My god. The word isn't "made". The word in question means to exist, to be, to come to pass, to come to be (become). The word for "to appear" is dokein.

Nothing 'becomes' something else.
Yet in languages you don't read there was actually a word that was similar to the English "to be" only it meant "to become something else". To peoples from earliest antiquity to the modern day, lots of things become something else and in fact this is a driving principle. Just scan through Ovid's Metamorphoses or attend a Catholic or Eastern Orthodox mass in which the bread and wine are believed to literally become the body and blood of Jesus.

Wood is wood and ash is ash. Wood does not become ash.
Sure it does. But this is irrelevant. We're not dealing with your belief system but with what the text says. It doesn't say "appear" and can't. It's the wrong word.




Here is the progression:
Here's a better translation:
"1a In the beginning there was the Word,
1b and the Word was very close to God,
1c and the Word too was God.
2a This Word was, in the beginning, with God;
3a Through it, all things came into being,
3b and without it, not one thing came into being.
3c-4a What has come into being† |in it was life,
4b and this life was the light of mankind,
5a and the light is shining in the darkness,
5b and the darkness has never become master of it.
[† 3c: or What came into being]"

from
McHugh, J. F. (2009). A critical and exegetical commentary on John 1-4 (International Critical Commentary). T&T Clark Int'l.
[The light is already present at this point]

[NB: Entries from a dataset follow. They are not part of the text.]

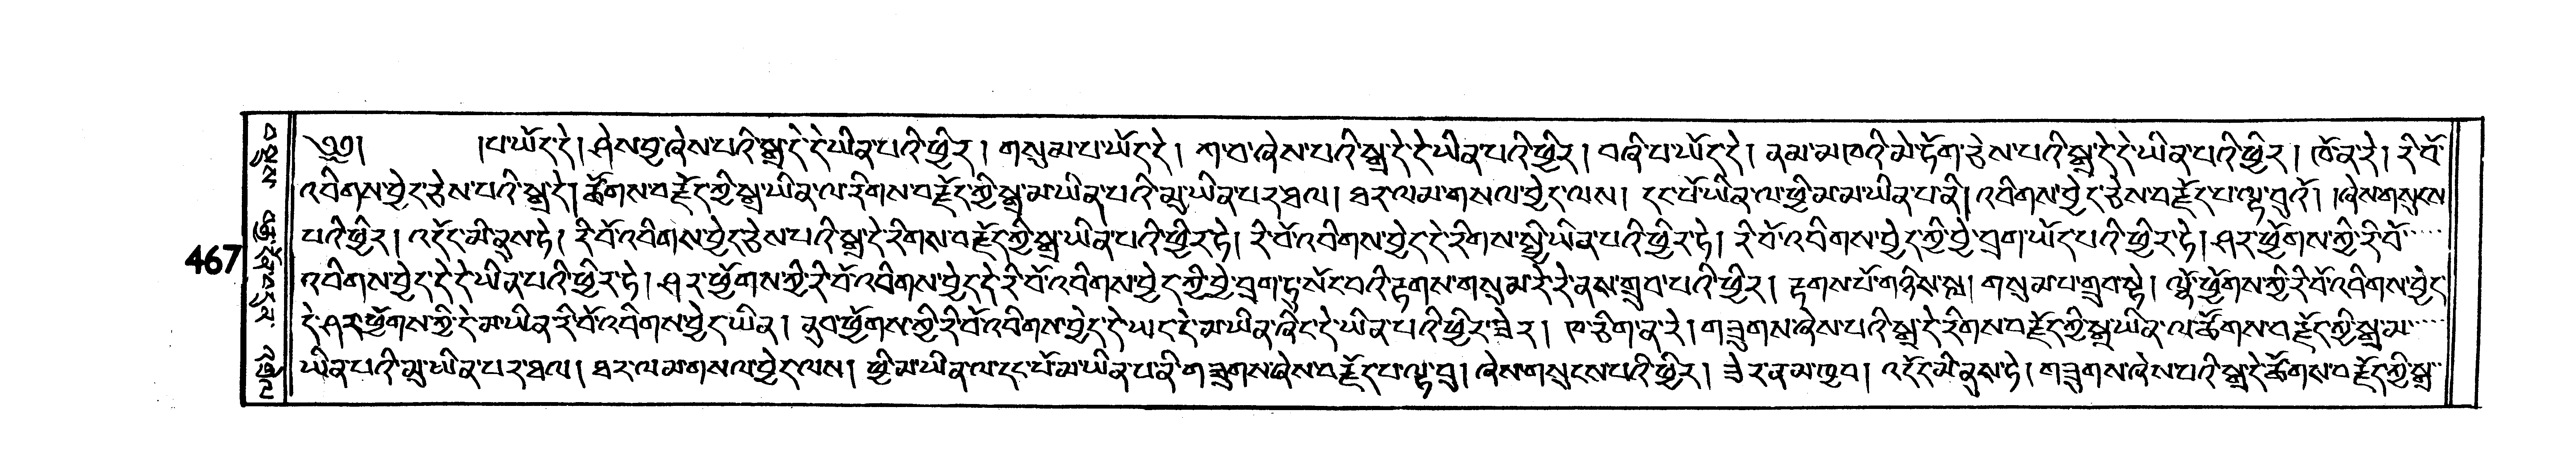༄༅། །པ་ཡོད་དེ། ཤེས་བྱ་ཞེས་པའི་སྒྲ་དེ་དེ་ཡིན་པའི་ཕྱིར། གསུམ་པ་ཡོད་དེ། ཀ་བ་ཞེས་པའི་སྒྲ་དེ་དེ་ཡིན་པའི་ཕྱིར། བཞི་པ་ཡོད་དེ། ནམ་མཁའི་མེ་ཏོག་ཅེས་པའི་སྒྲ་དེ་དེ་ཡིན་པའི་ཕྱིར། ཁོ་ན་རེ། རི་བོ་
འབིགས་བྱེད་ཅེས་པའི་སྒྲ་དེ། ཚོགས་བརྗོད་ཀྱི་སྒྲ་ཡིན་ལ་རིགས་བརྗོད་ཀྱི་སྒྲ་མ་ཡིན་པའི་མུ་ཡིན་པར་ཐལ། ཐར་ལམ་གསལ་བྱེད་ལས། དང་པོ་ཡིན་ལ་ཕྱི་མ་མ་ཡིན་པ་ནི། འབིགས་བྱེད་ཅེས་བརྗོད་པ་ལྟ་བུའོ། །ཞེས་གསུངས་
པའི་ཕྱིར། འདོད་མི་ནུས་ཏེ། རི་བོ་འབིགས་བྱེད་ཅེས་པའི་སྒྲ་དེ་རིགས་བརྗོད་ཀྱི་སྒྲ་ཡིན་པའི་ཕྱིར་ཏེ། རི་བོ་འབིགས་བྱེད་དེ་རིགས་སྤྱི་ཡིན་པའི་ཕྱིར་ཏེ། རི་བོ་འབིགས་བྱེད་ཀྱི་བྱེ་བྲག་ཡོད་པའི་ཕྱིར་ཏེ། ཤར་ཕྱོགས་ཀྱི་རི་བོ་
འབིགས་བྱེད་དེ་དེ་ཡིན་པའི་ཕྱིར་ཏེ། ཤར་ཕྱོགས་ཀྱི་རི་བོ་འབིགས་བྱེད་དེ་རི་བོ་འབིགས་བྱེད་ཀྱི་བྱེ་བྲག་ཏུ་སོང་བའི་རྟགས་གསུམ་རེ་རེ་ནས་གྲུབ་པའི་ཕྱིར། རྟགས་པོ་གཉིས་སླ། གསུམ་པ་གྲུབ་སྟེ། ལྷོ་ཕྱོགས་ཀྱི་རི་བོ་འབིགས་བྱེད་
དེ་ཤར་ཕྱོགས་ཀྱི་དེ་མ་ཡིན་རི་བོ་འབིགས་བྱེད་ཡིན། ནུབ་ཕྱོགས་ཀྱི་རི་བོ་འབིགས་བྱེད་དེ་ཡང་དེ་མ་ཡིན་ཞིང་དེ་ཡིན་པའི་ཕྱིར་ཟེར། ཁ་ཅིག་ན་རེ། གཟུགས་ཞེས་པའི་སྒྲ་དེ་རིགས་བརྗོད་ཀྱི་སྒྲ་ཡིན་ལ་ཚོགས་བརྗོད་ཀྱི་སྒྲ་མ་
ཡིན་པའི་མུ་ཡིན་པར་ཐལ། ཐར་ལམ་གསལ་བྱེད་ལས། ཕྱི་མ་ཡིན་ལ་དང་པོ་མ་ཡིན་པ་ནི་གཟུགས་ཞེས་བརྗོད་པ་ལྟ་བུ། ཞེས་གསུངས་པའི་ཕྱིར། ཟེར་ན་མ་ཁྱབ། འདོད་མི་ནུས་ཏེ། གཟུགས་ཞེས་པའི་སྒྲ་དེ་ཚོགས་བརྗོད་ཀྱི་སྒྲ་

There's no reason to necessarily read the text this way. However, as we could waste a long time on a pointless Christological discussion when the only reason I have disagreed with you on what "light" meant was because you sought to defend the notion that Jesus was a solar deity. He's not, and once again the light in John is metaphorical (as is the darkness). Cf. the War of the Sons of Light Against the Sons of Darkness described in the Qumran finds. Also:
In religious literature the use of the term ‘darkness’ is almost certain to be metaphorical. It refers not to the absence of physical light, but rather to that ‘encircling gloom’ of doubt or depression, of uncertainty or despair, where it would be a grace to see but one step ahead (cf. Ps 119.105). Similarly, LSJ records that in the Iliad, ὁ σκότος always refers to the darkness of death, mostly in the phrase τὸν δὲ σκότος ὄσσε κάλυψεν (Il. 4.461 etc.), but also in lines such as στυγερὸς δ᾽ ἄρα μιν σκότος εἷλε (Il. 5.47; 13.672). Again, the texts from Qumran about the struggle between the Prince of Light and the Angel of Darkness (1QS III 20-26), or between the children of light and the children of darkness (1QS I 9-10; II 16-17; III 24-25), serve to illustrate the currency of this metaphor in the religious literature of the age...This is the first mention of the contrast between light and darkness in the Fourth Gospel, and two statements are made. φαίνει: the close parallel in 1 Jn 2.8 (ἡ σκοτία παράγεται καὶ τὸ φῶς τὸ ἀληθινὸν ἤδη φαίνει) is there certainly intended to refer to the age in which the writer is living"
(ibid)
Now, if you wish to see the author as saying that the light was always there, a light for all humanity before there was any humanity or even creation for there to be a light for, fine. I'm not really concerned with such interpretations, just with the ones that are relevant and clearly wrong. Jesus wasn't a solar deity and the light here doesn't refer to the sun.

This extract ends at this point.